● **What the exercise asks**
For this exercise, repeat the whole listing below exactly. Leave the pictures out.

● **Data for this exercise**
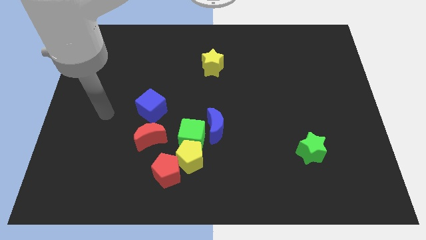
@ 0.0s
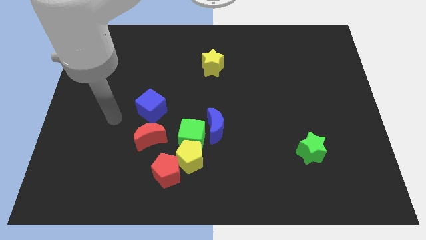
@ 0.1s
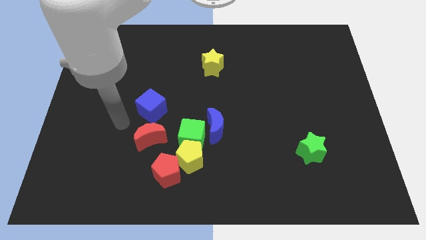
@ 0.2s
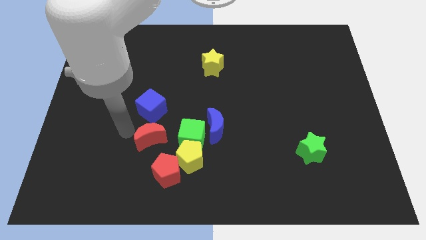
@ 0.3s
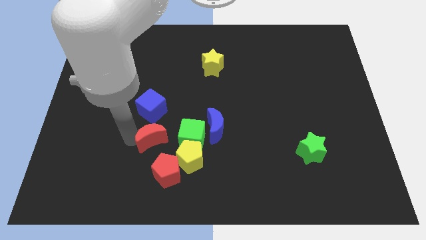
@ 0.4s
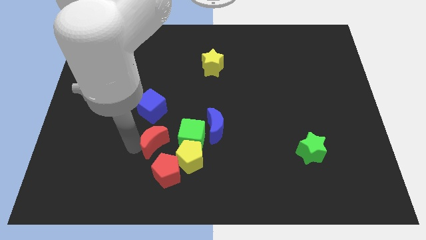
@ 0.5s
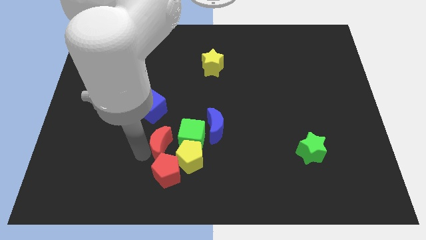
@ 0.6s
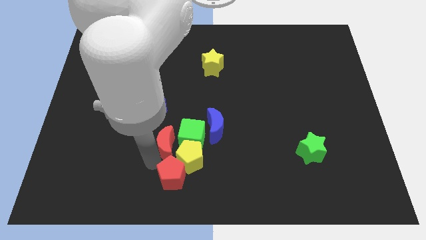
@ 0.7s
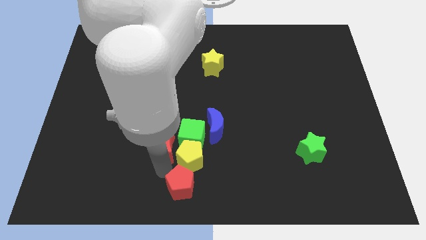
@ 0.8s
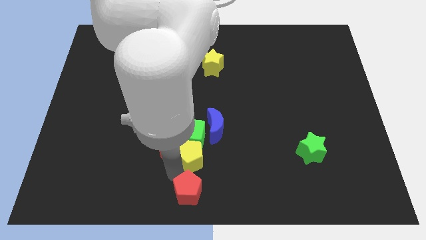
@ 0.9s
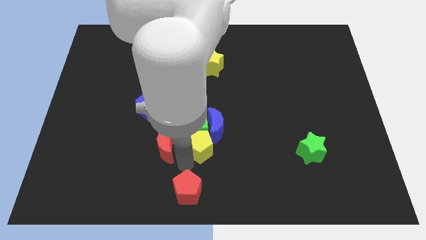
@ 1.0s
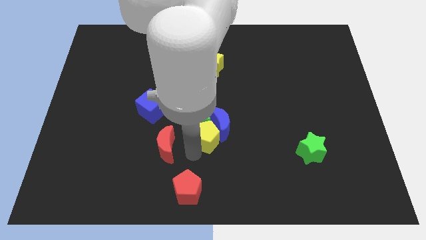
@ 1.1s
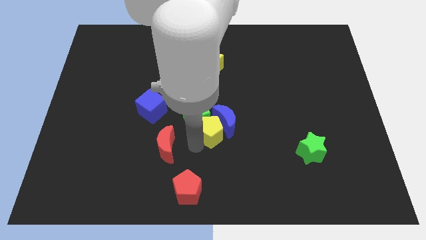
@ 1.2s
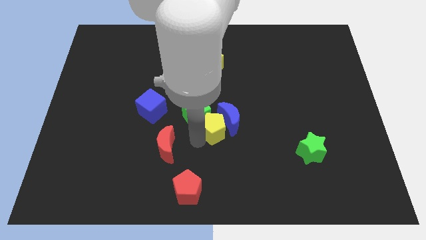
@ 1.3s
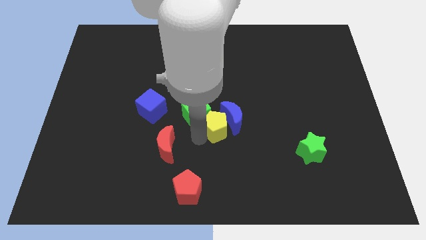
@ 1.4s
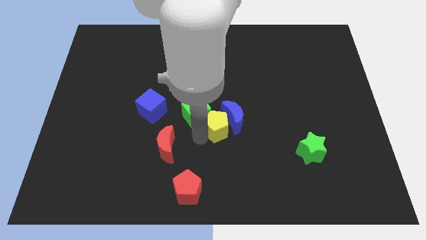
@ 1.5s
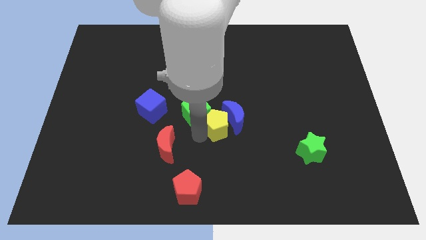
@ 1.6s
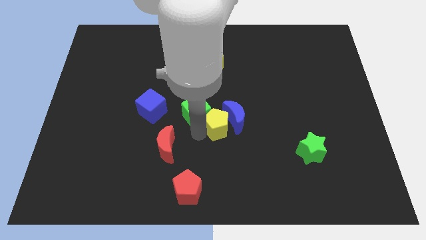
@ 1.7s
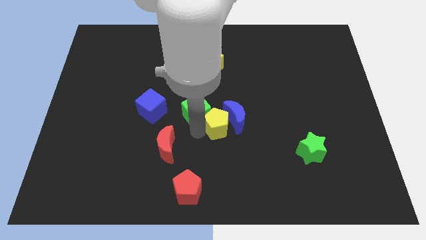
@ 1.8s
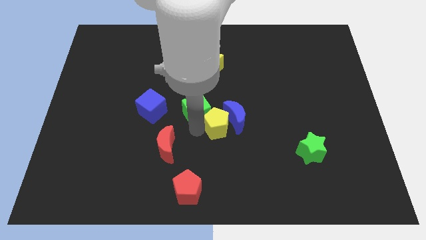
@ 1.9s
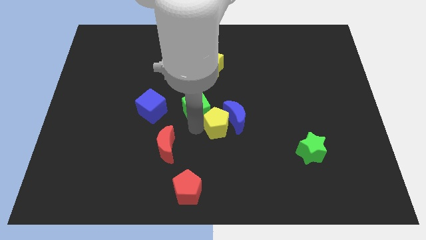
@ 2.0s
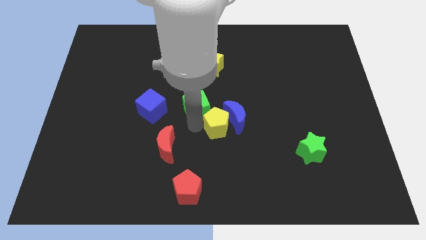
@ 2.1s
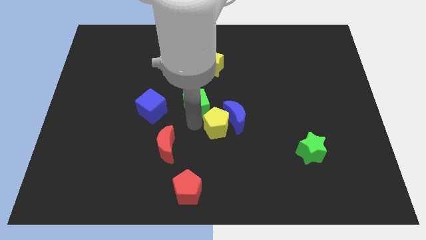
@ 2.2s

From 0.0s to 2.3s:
separate the green cube from the group of blocks

● **Answer for the task**
@ 0.0s
@ 0.1s
@ 0.2s
@ 0.3s
@ 0.4s
@ 0.5s
@ 0.6s
@ 0.7s
@ 0.8s
@ 0.9s
@ 1.0s
@ 1.1s
@ 1.2s
@ 1.3s
@ 1.4s
@ 1.5s
@ 1.6s
@ 1.7s
@ 1.8s
@ 1.9s
@ 2.0s
@ 2.1s
@ 2.2s

From 0.0s to 2.3s:
separate the green cube from the group of blocks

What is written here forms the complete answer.